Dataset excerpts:
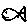
Label: fish
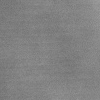
Atmospheric dust classification: dusty
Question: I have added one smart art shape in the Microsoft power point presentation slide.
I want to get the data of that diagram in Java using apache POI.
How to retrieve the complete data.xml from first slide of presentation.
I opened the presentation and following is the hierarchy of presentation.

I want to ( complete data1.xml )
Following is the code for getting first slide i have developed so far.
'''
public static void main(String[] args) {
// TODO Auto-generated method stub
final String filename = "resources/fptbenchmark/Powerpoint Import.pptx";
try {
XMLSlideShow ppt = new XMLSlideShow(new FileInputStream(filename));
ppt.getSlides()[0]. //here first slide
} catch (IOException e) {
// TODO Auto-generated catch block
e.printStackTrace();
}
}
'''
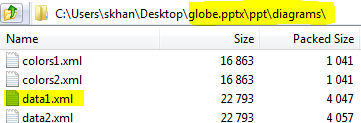
Answer: Assuming you know you'll always want '/ppt/diagrams/data1.xml', then your code would want to continue with:
'''
OPCPackage pkg = ppt.getPackage();
PackagePart data1 = pkg.getPart(
PackagingURIHelper.createPartName("/ppt/diagrams/data1.xml"));
InputStream data1Inp = data1.getInputStream();
'''
Then pass that InputStream to your XML parsing code to process
If you need to find the part dynamically based on the slide, you'll want to check the Relationships defined on your Slide part, and go from there
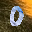
Label: 0
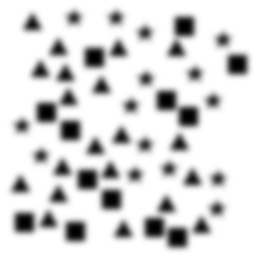
Squares: 13
Triangles: 20
Stars: 15
Total shapes: 48
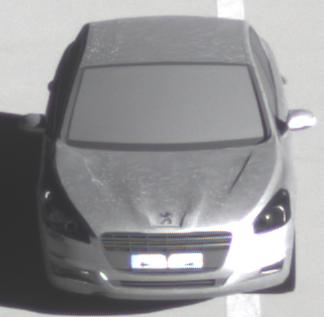
Make: Peugeot
Model: 508 120 VTi
Detailed model: 508 (I) Limousine
Model produced from: 2011/03
Model produced until: 2014/05
Doors: 4
Color: white
Road condition: dry road
Daytime: morning or afternoon
Contrast: high contrast
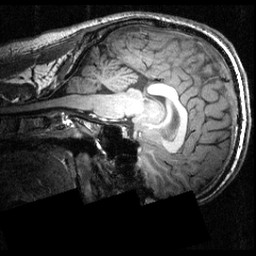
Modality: T1w
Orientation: sagittal
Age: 25
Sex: male
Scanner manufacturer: siemens
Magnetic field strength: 3.951 T
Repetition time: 1.5 s
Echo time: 0.00335 s
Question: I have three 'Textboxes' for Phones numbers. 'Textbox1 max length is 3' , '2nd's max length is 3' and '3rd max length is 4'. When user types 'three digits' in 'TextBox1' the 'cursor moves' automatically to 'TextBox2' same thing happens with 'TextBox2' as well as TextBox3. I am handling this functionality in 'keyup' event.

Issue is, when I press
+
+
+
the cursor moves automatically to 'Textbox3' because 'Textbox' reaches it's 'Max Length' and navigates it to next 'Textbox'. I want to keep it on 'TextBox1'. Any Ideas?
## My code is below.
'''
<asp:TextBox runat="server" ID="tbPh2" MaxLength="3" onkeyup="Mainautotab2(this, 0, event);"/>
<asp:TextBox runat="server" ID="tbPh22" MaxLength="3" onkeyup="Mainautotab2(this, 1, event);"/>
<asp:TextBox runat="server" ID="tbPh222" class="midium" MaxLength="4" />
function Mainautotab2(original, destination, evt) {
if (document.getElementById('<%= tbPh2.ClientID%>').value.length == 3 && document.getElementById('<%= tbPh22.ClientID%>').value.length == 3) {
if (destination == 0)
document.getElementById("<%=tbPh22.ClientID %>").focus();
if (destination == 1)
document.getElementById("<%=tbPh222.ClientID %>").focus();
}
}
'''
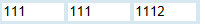
Answer: I would recommend checking for the use of the control key being pressed, <URL> for more information on how to do that. If you detect the CTRL key is pressed then do not move to the next textbox.
Alternatively, if you only want the "move to next" feature to work as the user is typing the 3rd character then perhaps something along the lines of checking the character count on keydown. Make sure that this new key press in the 3rd character and the previous keypress was the second character (i.e. store lastKeyPressCount somewhere)
---
As I am such a nice guy! here is some of my own work:
Html
'''
<input type="text" id="1" maxlength="3" data-nextid="2"/>
<input type="text" id="2" maxlength="3" data-nextid="3"/>
<input type="text" id="3" maxlength="4"/>
'''
JavaScript (w/JQuery)
'''
$("input").keyup(function(e){
if(e.ctrlKey || e.which == 17 || e.which == 65 || e.which == 67 || e.which == 86){
return;
}
if($(this).val().length == $(this).attr("maxlength")){
var nextid = $(this).data("nextid");
if(nextid){
$("#" + nextid).focus();
}
}
});
'''
Keep in mind that this code has been specifically set to ignore the CTRL key in addition to the letters A, C and V.
<URL>
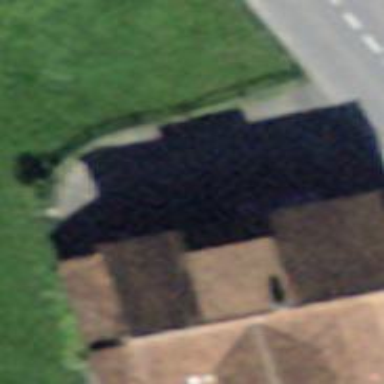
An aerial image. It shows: Simple and straightforward house.
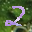
Label: 2
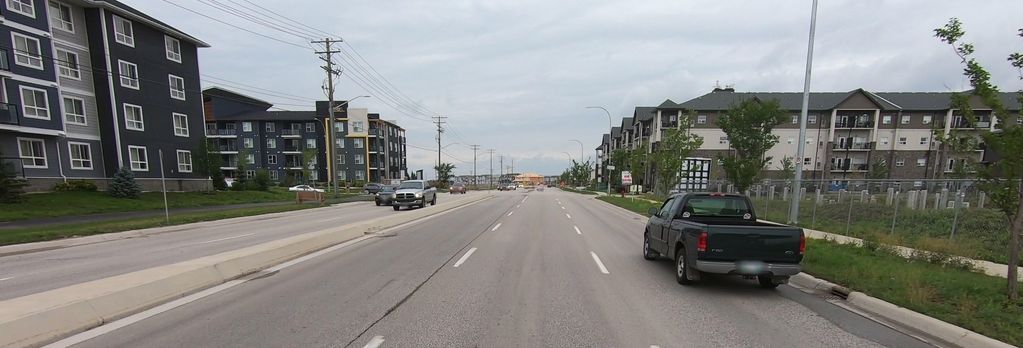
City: winnipeg
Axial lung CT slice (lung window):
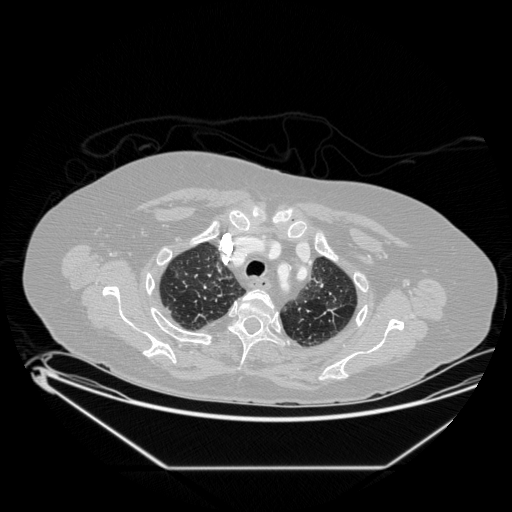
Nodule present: no
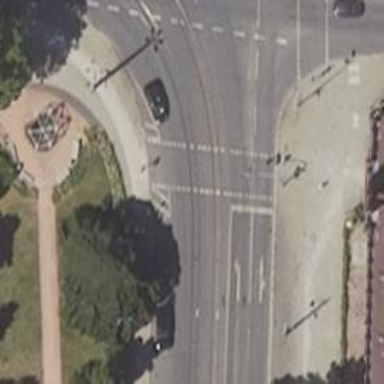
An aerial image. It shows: Road with traffic signals.
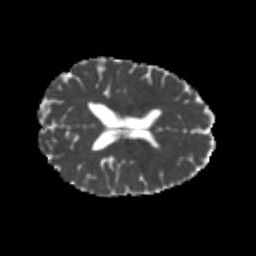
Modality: MD
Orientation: axial
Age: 25
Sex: female
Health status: healthy
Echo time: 0.074 s
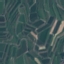
Land use / land cover: PermanentCrop
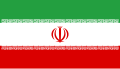
Flag of Iran
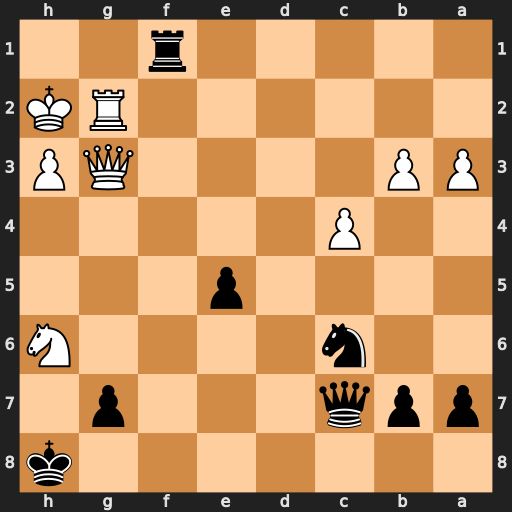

» **Your goal**
Review the preceding data and report every line that includes the string "work".

» **Response below**
Alternatively, if you only want the "move to next" feature to work as the user is typing the 3rd character then perhaps something along the lines of checking the character count on keydown. Make sure that this new key press in the 3rd character and the previous keypress was the second character (i.e. store lastKeyPressCount somewhere)
As I am such a nice guy! here is some of my own work:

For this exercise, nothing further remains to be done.